[Problem to solve]
Below are records to return verbatim; the pictures are to be dropped.

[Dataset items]
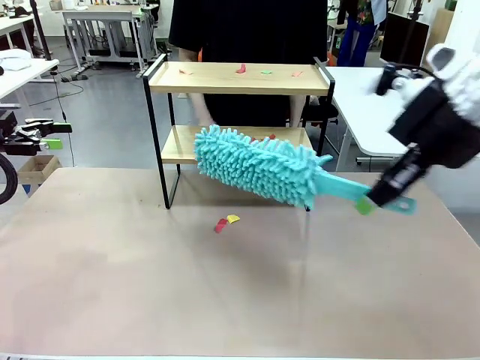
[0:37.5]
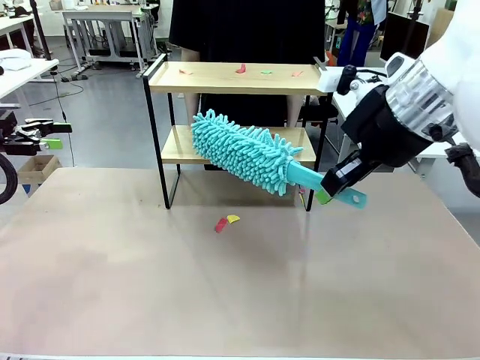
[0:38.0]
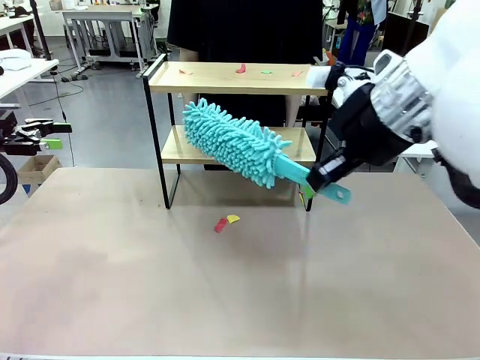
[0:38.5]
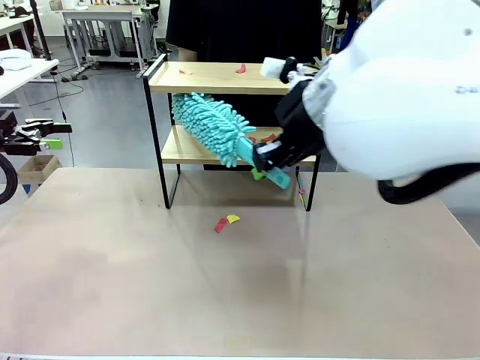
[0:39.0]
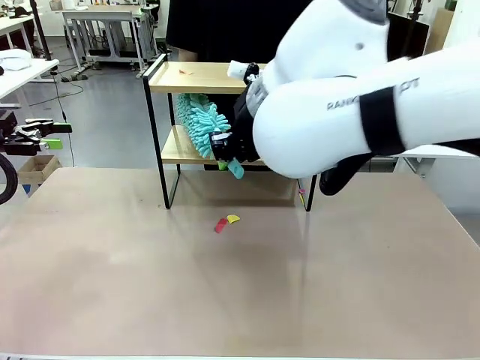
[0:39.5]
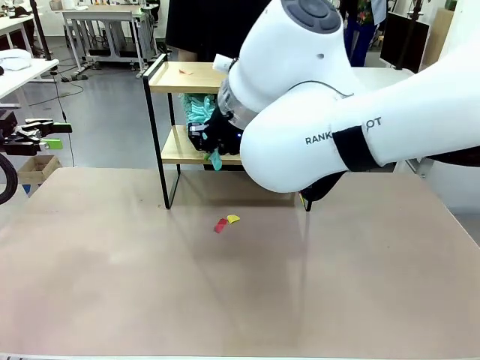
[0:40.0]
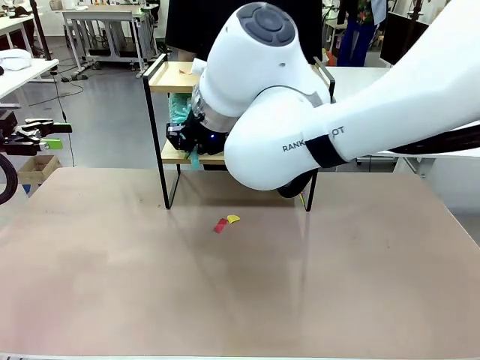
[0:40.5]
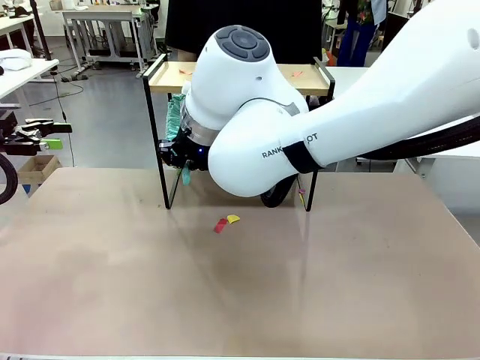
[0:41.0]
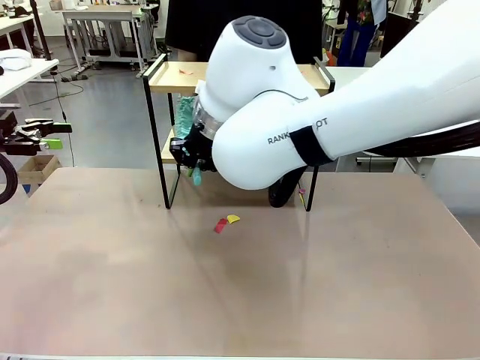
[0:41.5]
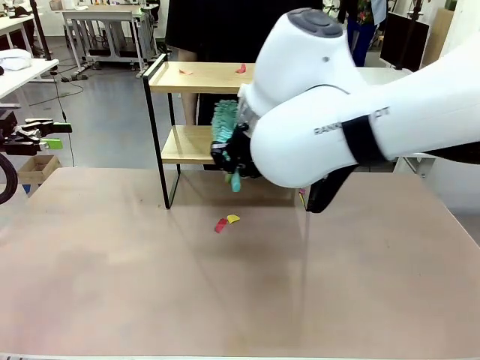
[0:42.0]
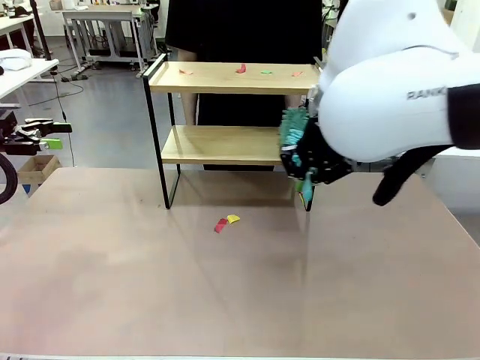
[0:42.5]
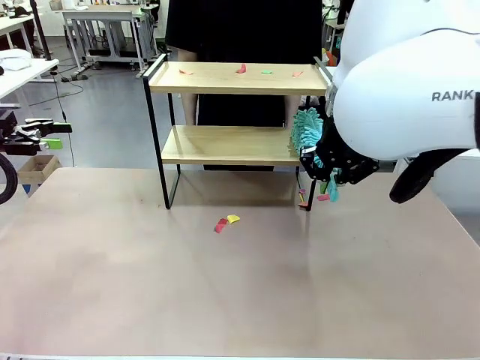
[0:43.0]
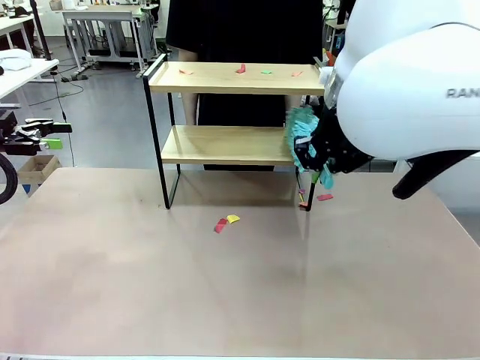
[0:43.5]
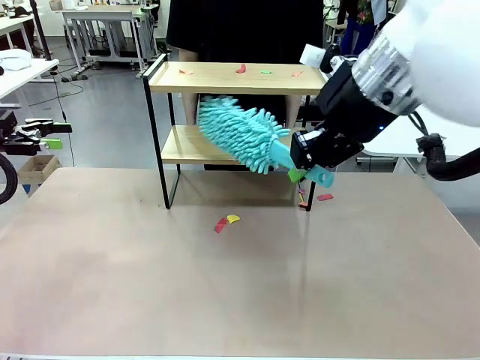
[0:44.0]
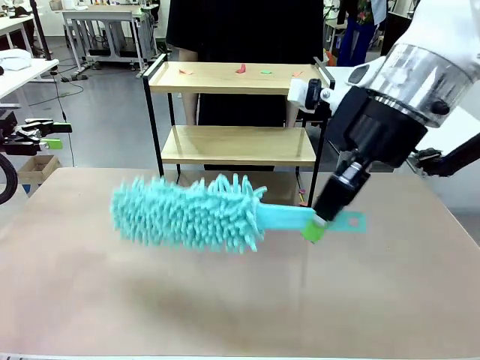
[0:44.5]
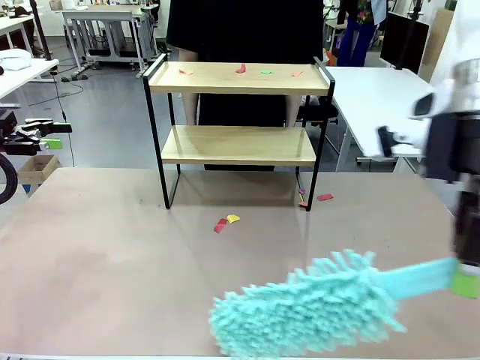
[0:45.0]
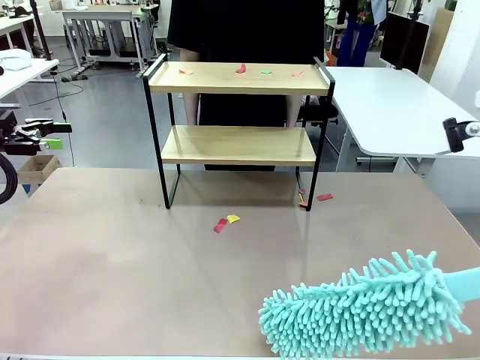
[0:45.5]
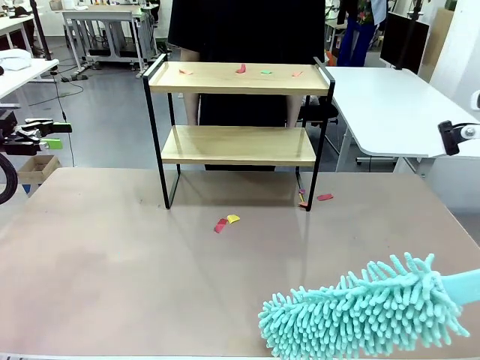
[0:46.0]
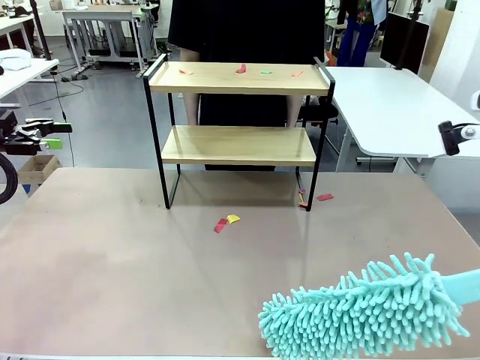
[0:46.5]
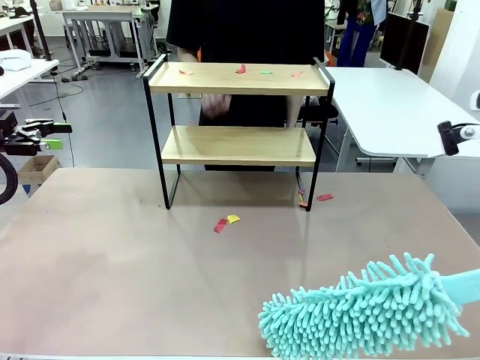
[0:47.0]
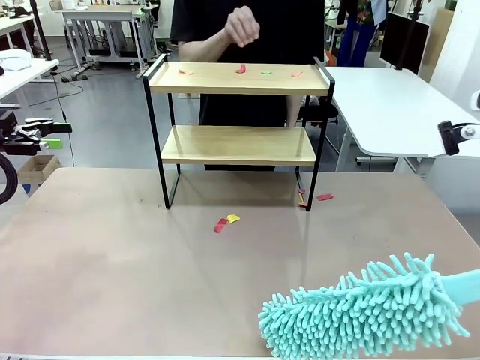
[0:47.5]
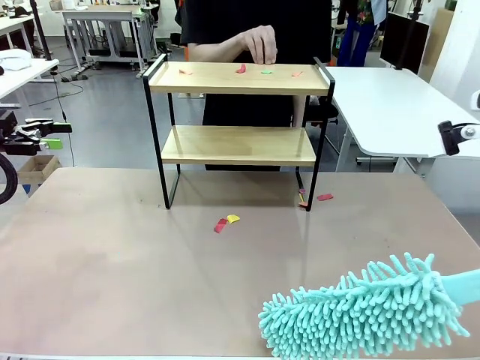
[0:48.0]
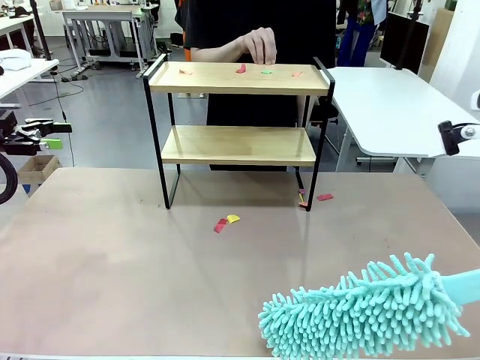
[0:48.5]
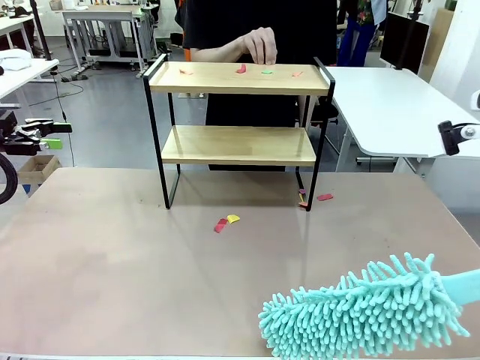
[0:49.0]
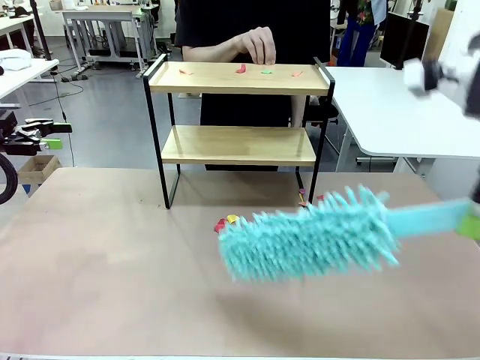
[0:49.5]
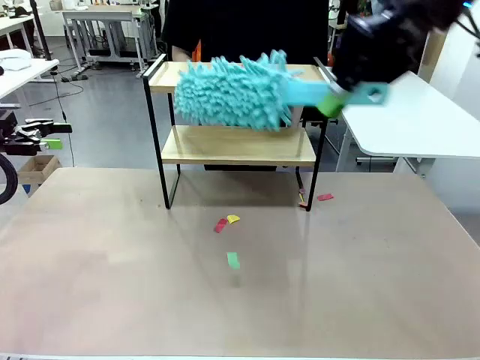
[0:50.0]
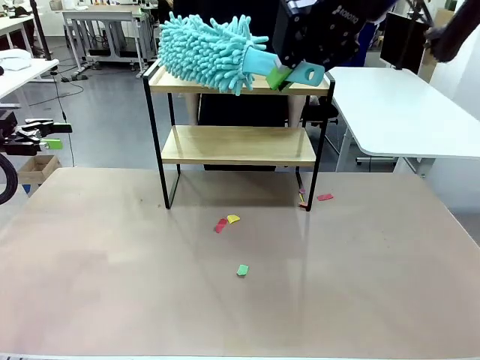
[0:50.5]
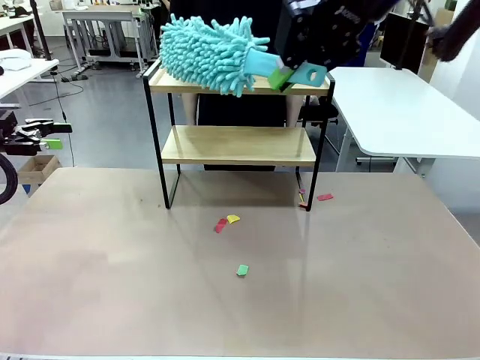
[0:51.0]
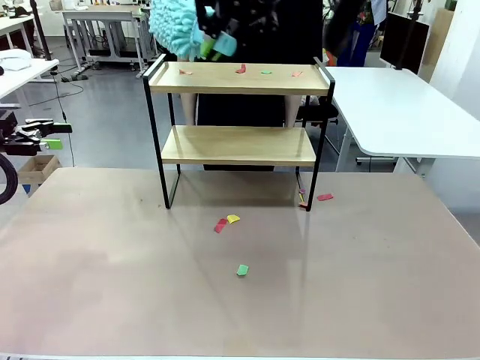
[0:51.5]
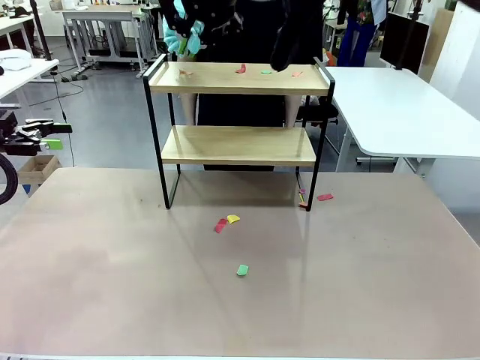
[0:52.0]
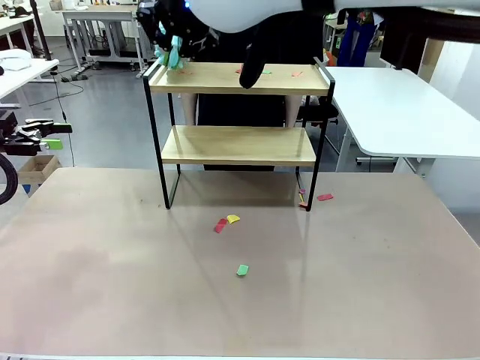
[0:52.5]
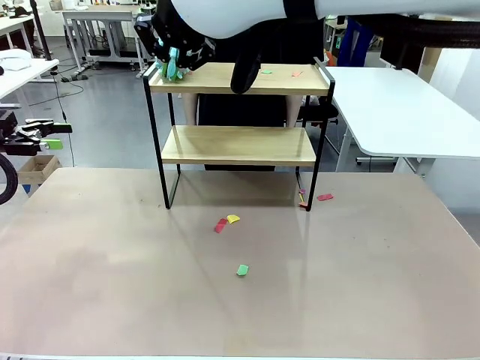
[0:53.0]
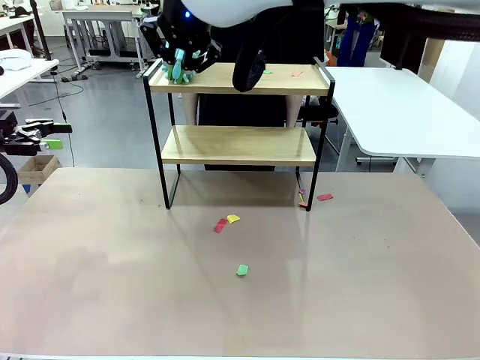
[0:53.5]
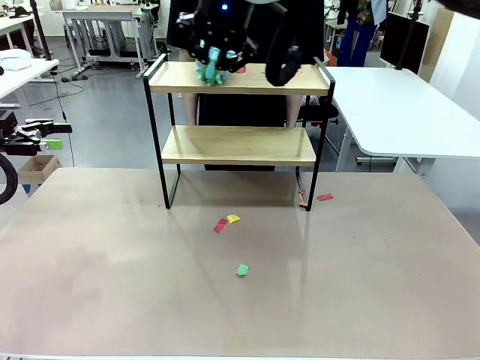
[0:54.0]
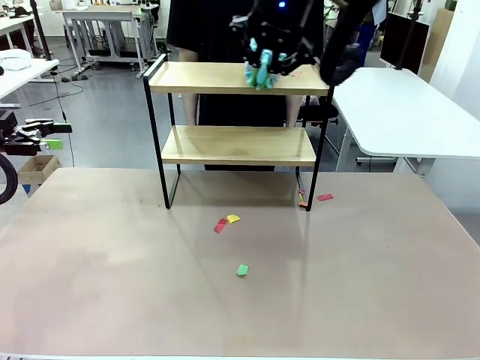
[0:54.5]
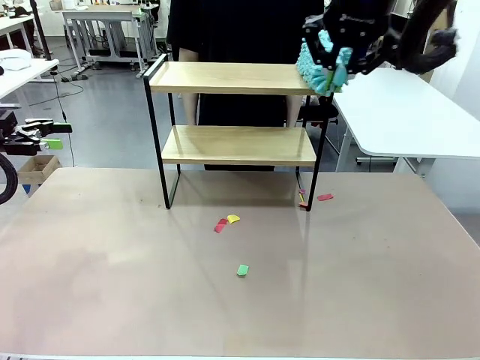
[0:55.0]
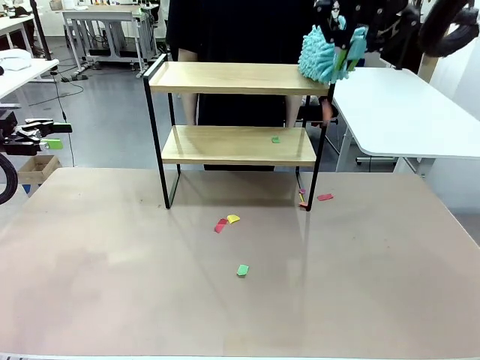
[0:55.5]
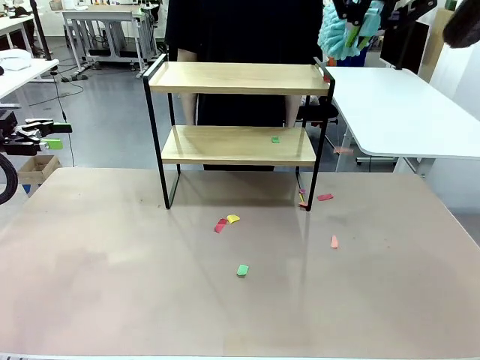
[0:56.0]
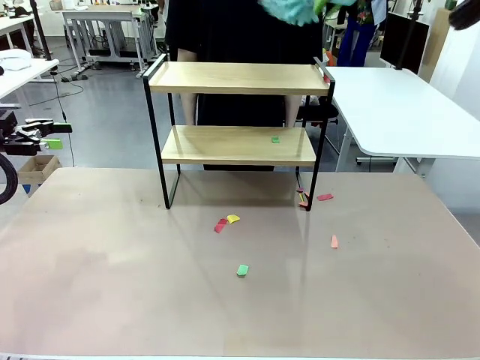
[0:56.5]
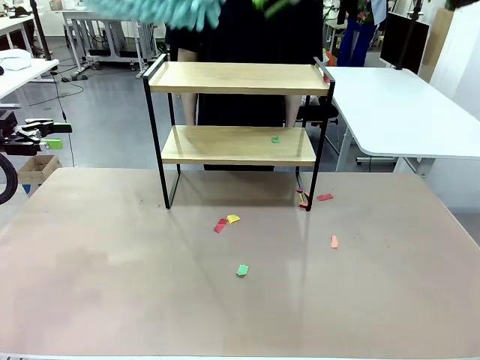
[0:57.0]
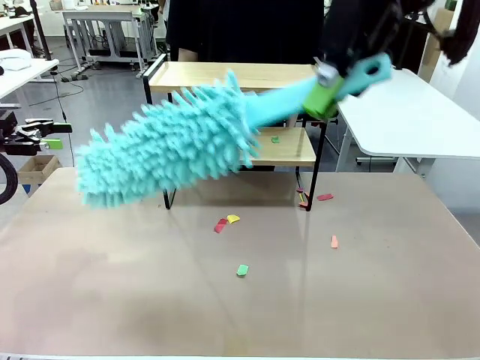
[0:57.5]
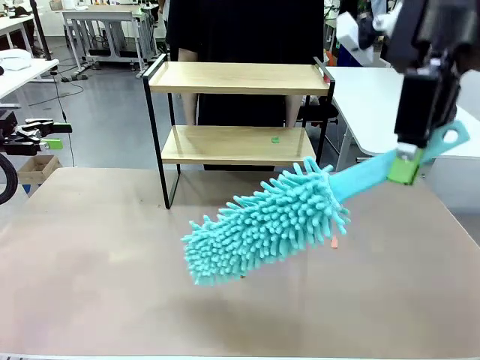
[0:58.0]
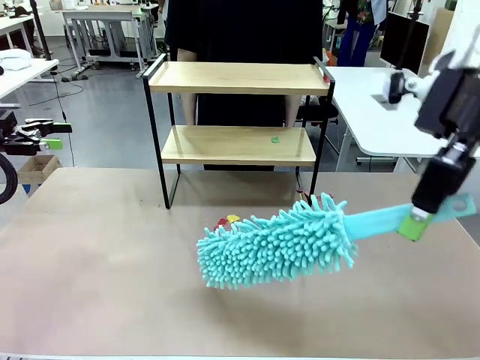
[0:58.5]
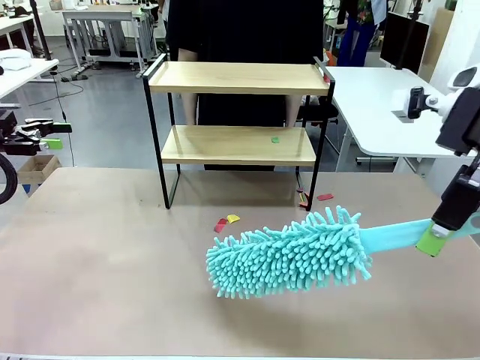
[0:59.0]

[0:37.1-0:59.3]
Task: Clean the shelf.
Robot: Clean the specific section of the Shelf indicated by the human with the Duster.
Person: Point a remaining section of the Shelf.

[Worked solution]
[0:37.5]
[0:38.0]
[0:38.5]
[0:39.0]
[0:39.5]
[0:40.0]
[0:40.5]
[0:41.0]
[0:41.5]
[0:42.0]
[0:42.5]
[0:43.0]
[0:43.5]
[0:44.0]
[0:44.5]
[0:45.0]
[0:45.5]
[0:46.0]
[0:46.5]
[0:47.0]
[0:47.5]
[0:48.0]
[0:48.5]
[0:49.0]
[0:49.5]
[0:50.0]
[0:50.5]
[0:51.0]
[0:51.5]
[0:52.0]
[0:52.5]
[0:53.0]
[0:53.5]
[0:54.0]
[0:54.5]
[0:55.0]
[0:55.5]
[0:56.0]
[0:56.5]
[0:57.0]
[0:57.5]
[0:58.0]
[0:58.5]
[0:59.0]

[0:37.1-0:59.3]
Task: Clean the shelf.
Robot: Clean the specific section of the Shelf indicated by the human with the Duster.
Person: Point a remaining section of the Shelf.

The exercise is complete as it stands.